Main also said that Northfield was where the concept of the TC was born (Main, 1983, p. 203). Even Lacan, who visited London for five weeks in 1945, and effusively detailed a long conversation he had with Bion and Rickman, described them as “pioneers” of a “revolution”, and talked of Bion undertaking “to organise the situation so as to force the group to become aware of the difficulties of its existence as a group, and then to render it more and more transparent to itself, to the point where each of its members may be able to judge adequately the progress of the whole […]” (Lacan, 1947, p. 17).
Foulkes worked at, and was involved with, both developments at Northfield – the TC and GA, although he left TC work, and was no longer directly involved with in-patient psychotherapy, but concentrated on GA, and the Group Analytic Society. Foulkes acknowledged the links between the TC and GA in many of his writings, and described his development of small group therapy, and of working with the ward as a community, and later the whole hospital (Foulkes, 1983, 1984, 1986, 1990b; Foulkes and Anthony, 1965).
De Maré talked of meeting Foulkes at Northfield in 1944, and stated that Foulkes was “the only person who witnessed the ‘Northfield experiment’ (2nd) throughout, from his instituting it in July 1943 to his demobilisation in December 1945” (De Maré, 1983, p. 218).
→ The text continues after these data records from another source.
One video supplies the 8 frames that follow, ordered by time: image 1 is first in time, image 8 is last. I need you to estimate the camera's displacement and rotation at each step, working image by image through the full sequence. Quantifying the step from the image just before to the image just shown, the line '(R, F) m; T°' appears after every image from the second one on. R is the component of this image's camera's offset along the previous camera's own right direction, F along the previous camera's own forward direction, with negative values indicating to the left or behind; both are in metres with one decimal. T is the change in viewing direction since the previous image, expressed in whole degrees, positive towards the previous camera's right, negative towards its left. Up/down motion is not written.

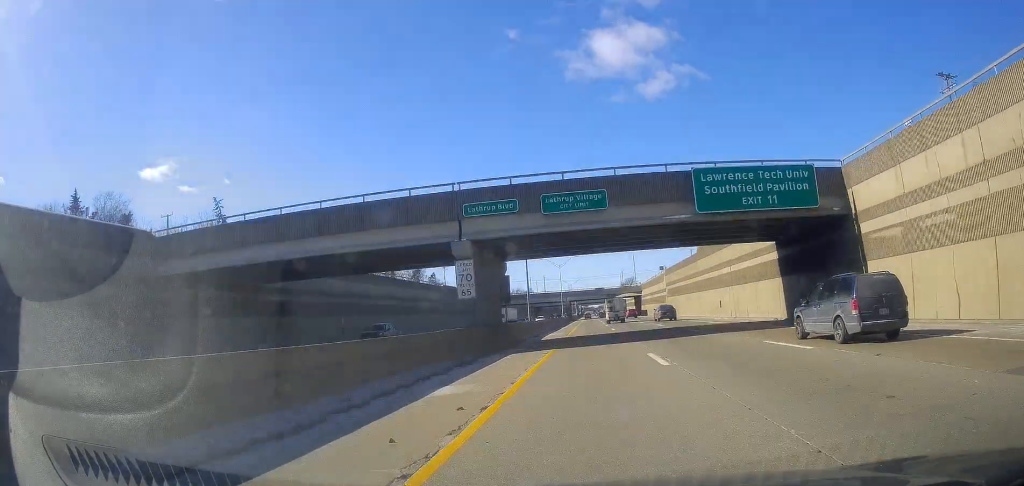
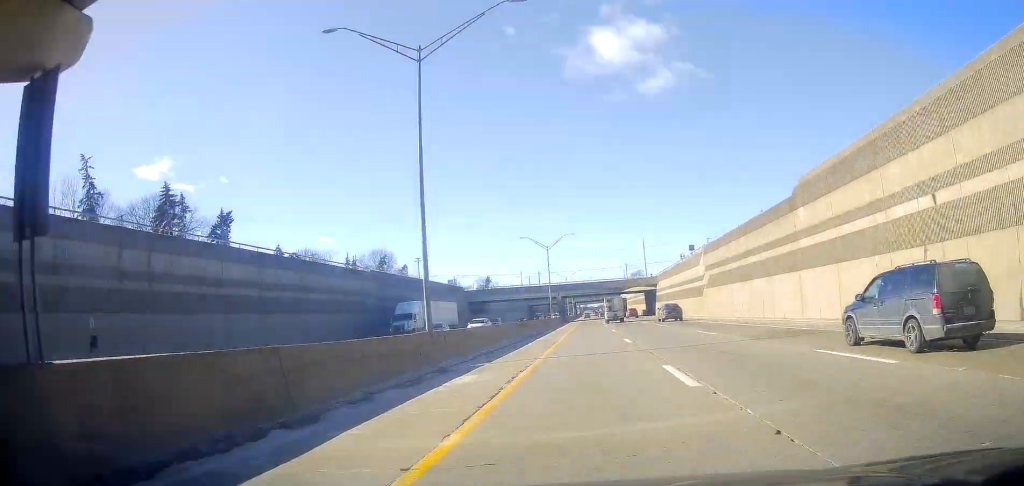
(-0.3, +35.2) m; 0°
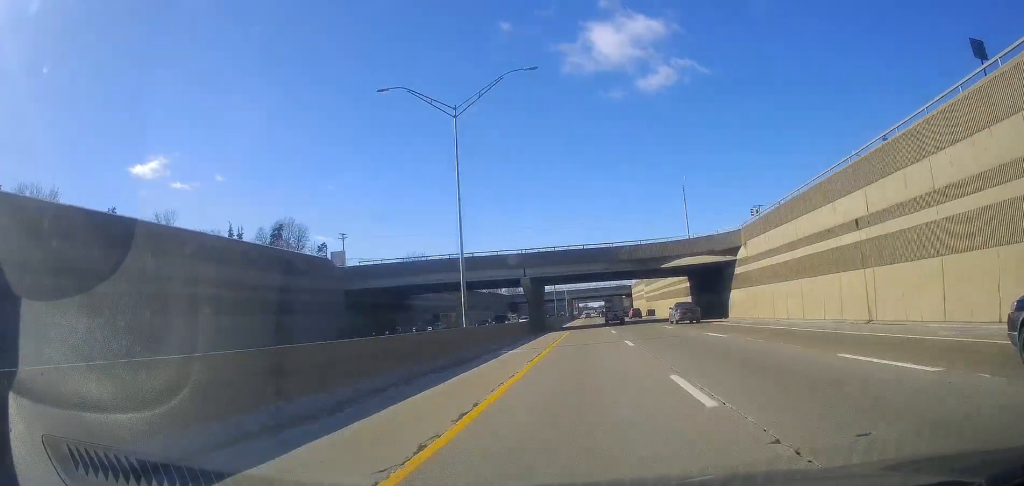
(+0.7, +63.2) m; 0°
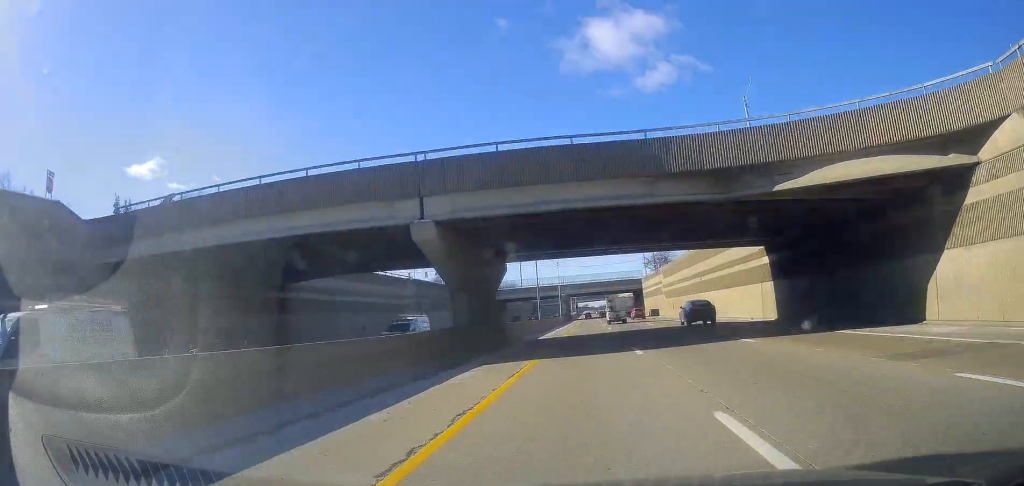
(-0.4, +35.3) m; +1°
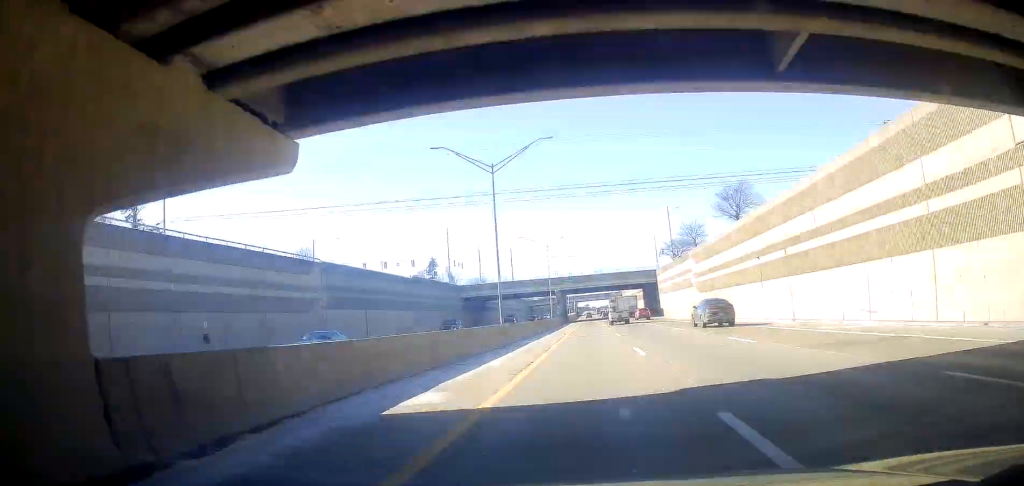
(+0.7, +30.5) m; 0°
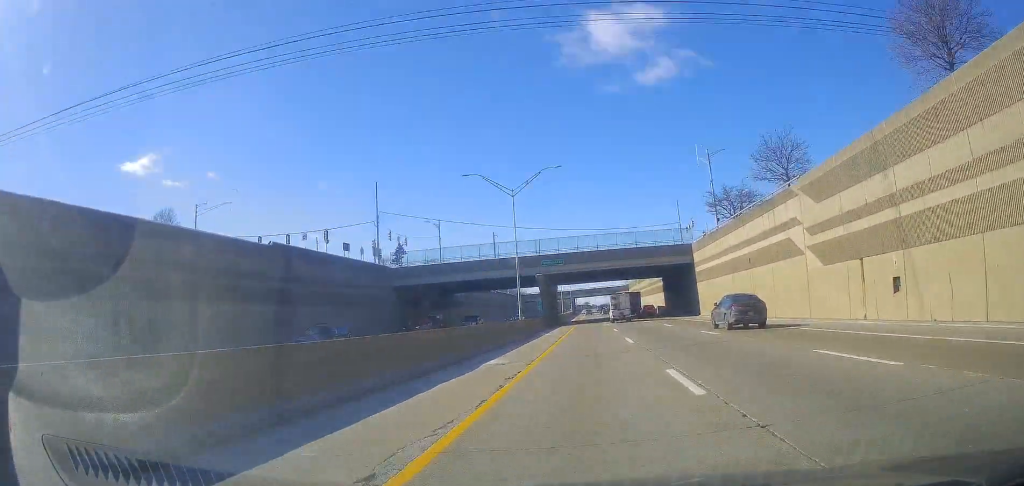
(-0.7, +40.3) m; -1°
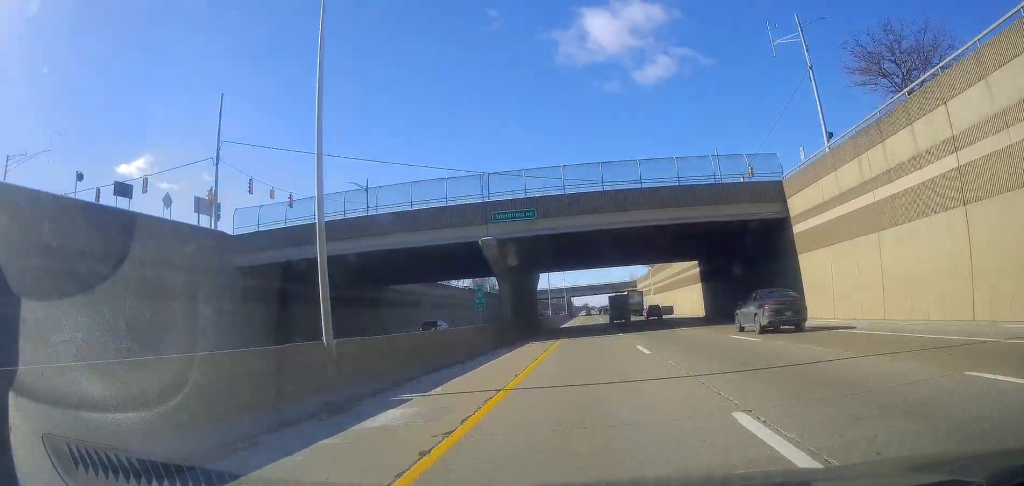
(-0.1, +36.7) m; +1°
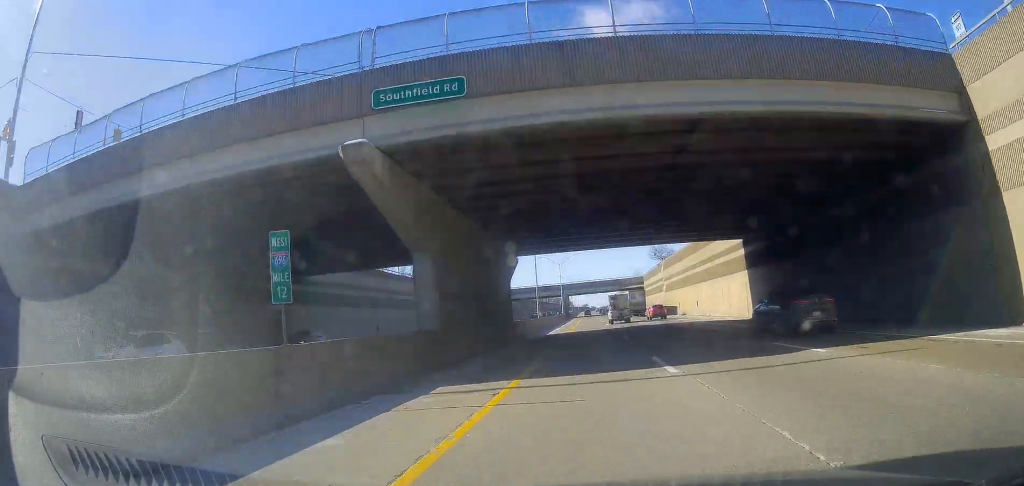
(+0.2, +20.8) m; +1°

However, according to De Maré, Foulkes did not become fully aware of the first experiment until Rickman revisited Northfield in 1944 (De Maré, 1983, p. 223). De Maré suggested that Foulkes approached the second experiment in “an entirely different and more circumspect manner”, by regarding the total situation – the whole hospital, and all the hospital staff – as his frame of reference, and Phase B of the second experiment involved, initially, a whole
ward as a community being conducted on small-group lines, and then all wards being conducted along group lines (De Maré, 1983, pp. 223-5).
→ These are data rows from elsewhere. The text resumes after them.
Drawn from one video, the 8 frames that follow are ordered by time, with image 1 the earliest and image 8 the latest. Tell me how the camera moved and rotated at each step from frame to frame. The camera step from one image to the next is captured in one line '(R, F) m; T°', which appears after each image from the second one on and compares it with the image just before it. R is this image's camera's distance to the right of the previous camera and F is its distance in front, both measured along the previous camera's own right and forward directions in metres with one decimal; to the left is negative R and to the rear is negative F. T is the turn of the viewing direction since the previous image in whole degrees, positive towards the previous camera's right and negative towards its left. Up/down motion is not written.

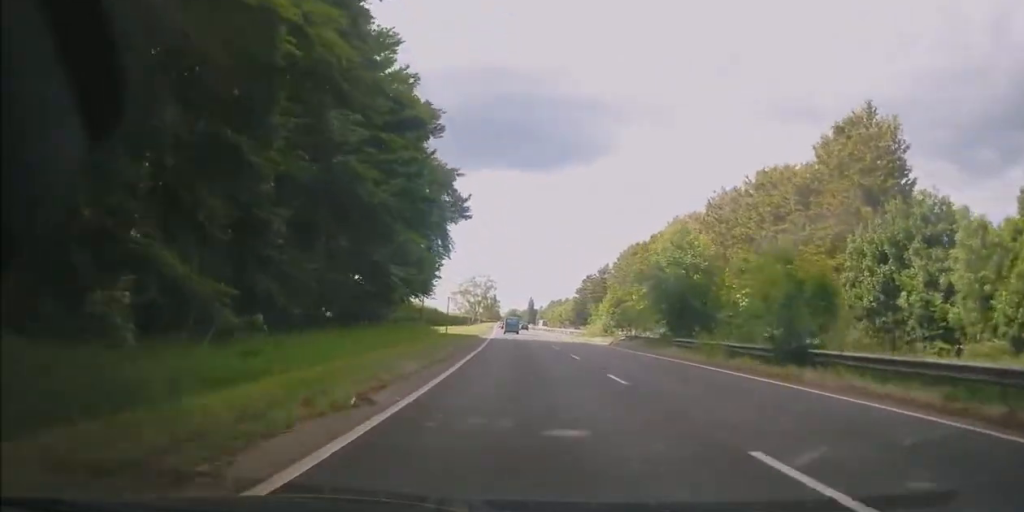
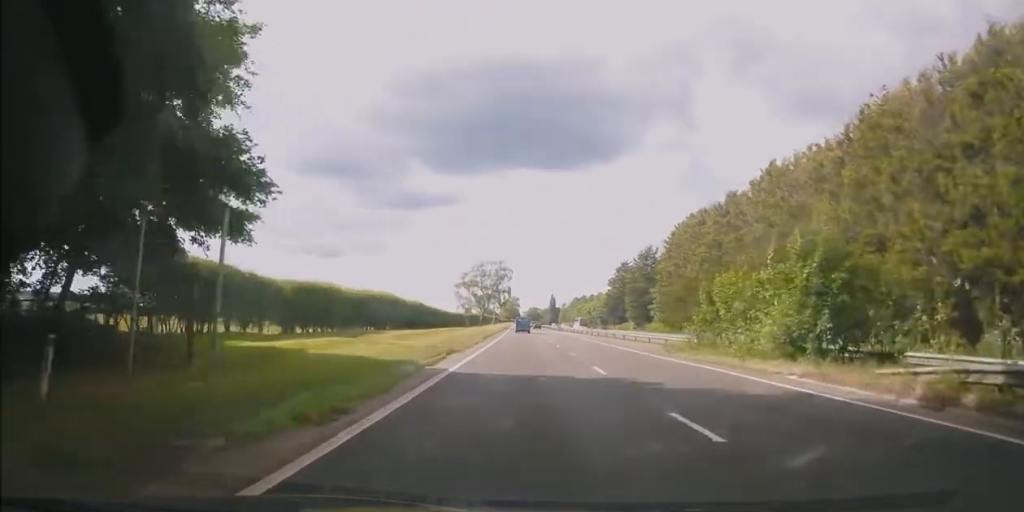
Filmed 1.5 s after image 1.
(-1.5, +32.8) m; -2°
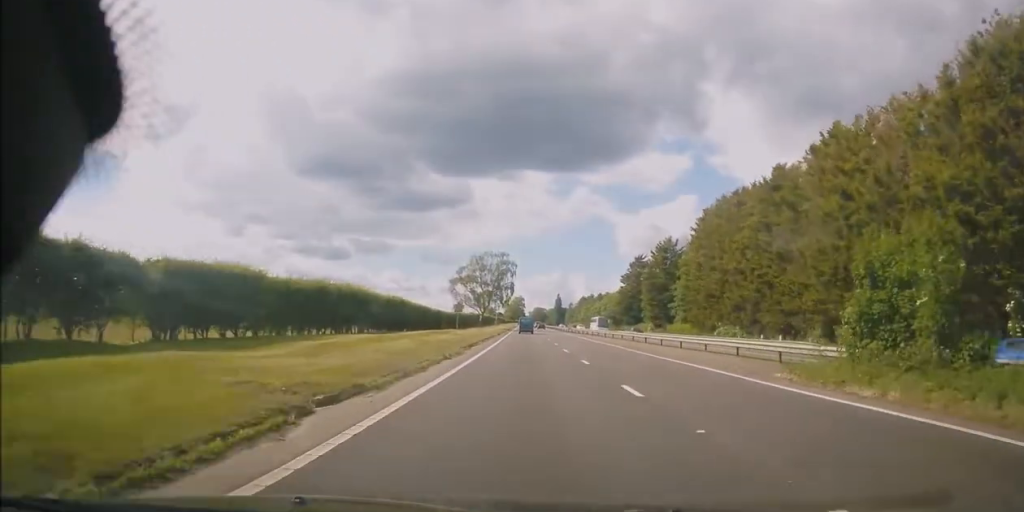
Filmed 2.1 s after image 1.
(+0.1, +13.7) m; 0°
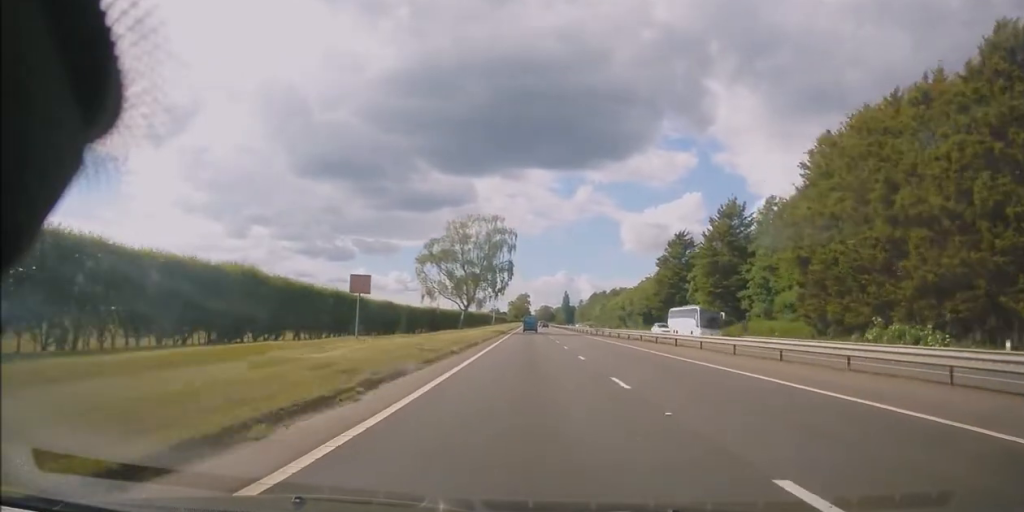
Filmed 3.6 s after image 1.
(-0.1, +36.0) m; 0°
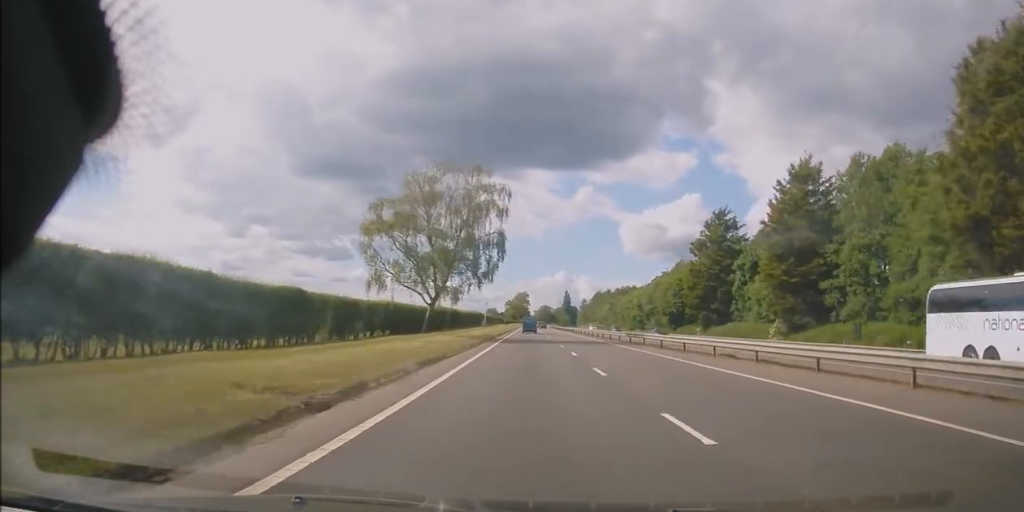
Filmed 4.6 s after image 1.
(+0.1, +23.7) m; 0°
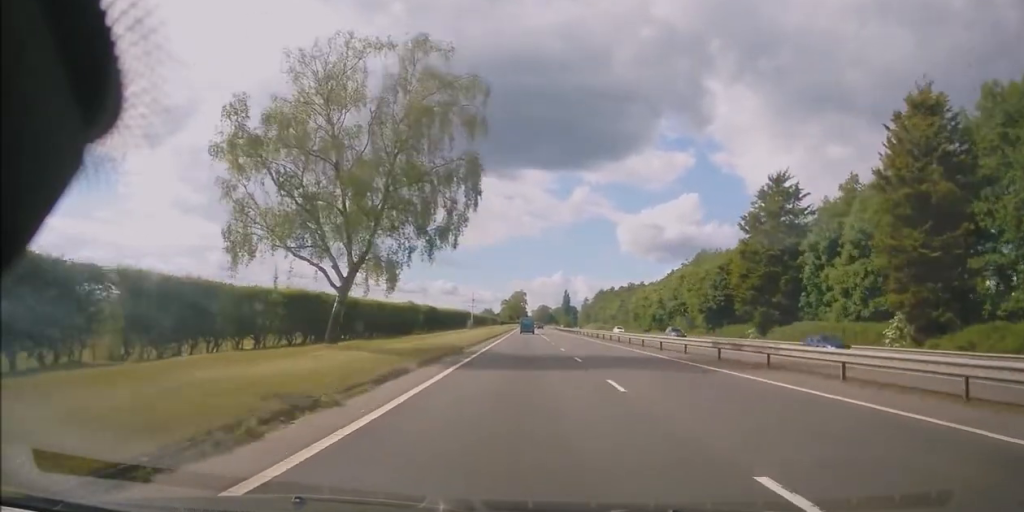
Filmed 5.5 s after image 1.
(-0.1, +22.1) m; -1°
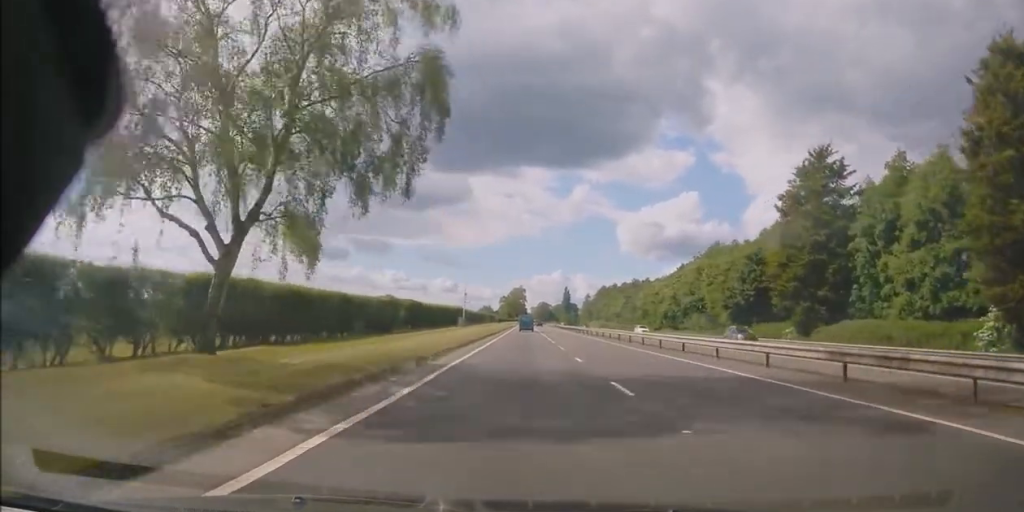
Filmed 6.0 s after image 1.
(0.0, +10.3) m; 0°
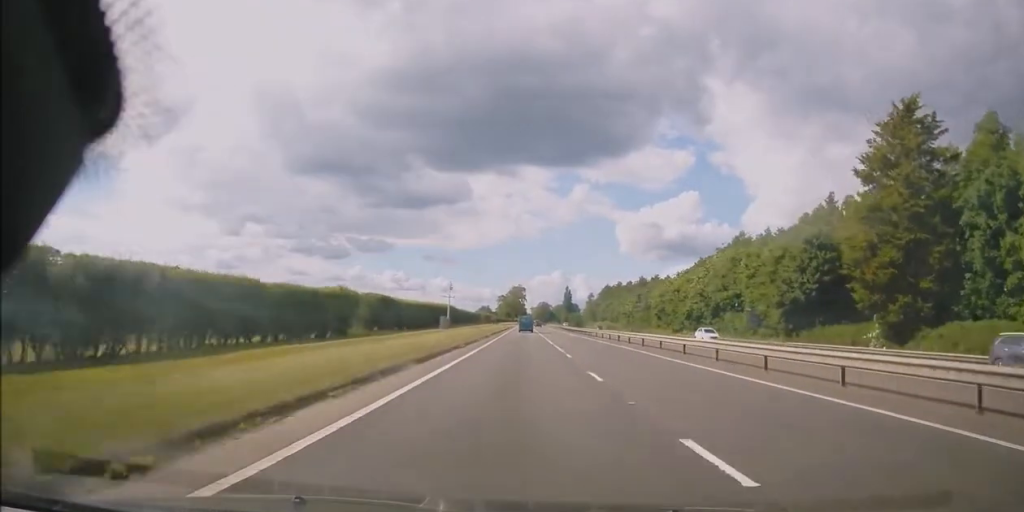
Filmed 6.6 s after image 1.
(0.0, +15.1) m; 0°

De Maré concluded that “it was this dialectic duality between relationship and context that constituted the basis for his (Foulkes) success, and particularly the application of what Foulkes called ‘group analytic principles’ to an entire context, which resulted in the ‘large-scale transformation of a whole hospital’ – the first therapeutic community’ as described by Main” (De Maré, 1983, pp. 224, 226; Main, 1946, 1977).
TCs and GA also had common personnel initially – Foulkes, Bridger, De Maré at Northfield – and later, Clark at Fulbourn Hospital, Pines at the Cassel Hospital, Roberts at Ingrebourne Centre, Blake at Kensington and Chelsea Day Centres, Whiteley at Henderson Hospital, Kennard at Littlemore Hospital, Haigh at Winterbourne TC and, more recently, Pearce at Oxford Complex Needs Service (Pines, 1999).
Of these, Whiteley has been the most prominent in linking TCs and GA. However, as Harrison noted, “Some therapeutic communities were inspired by Northfield; but the influence of Maxwell Jones (Mill Hill Hospital, Belmont Hospital, Henderson Hospital and Dingleton Hospital) tended to overshadow the earlier and more complex model” (Harrison, 1999, p. 29). Nevertheless, Hinshelwood observed that “The engagement in a group learning process has become a core feature of therapeutic communities. It is the group activity as much as the learning one which is crucial – although it seems that the group activity has to be of a learning kind” (Hinshelwood, 1999, p. 40).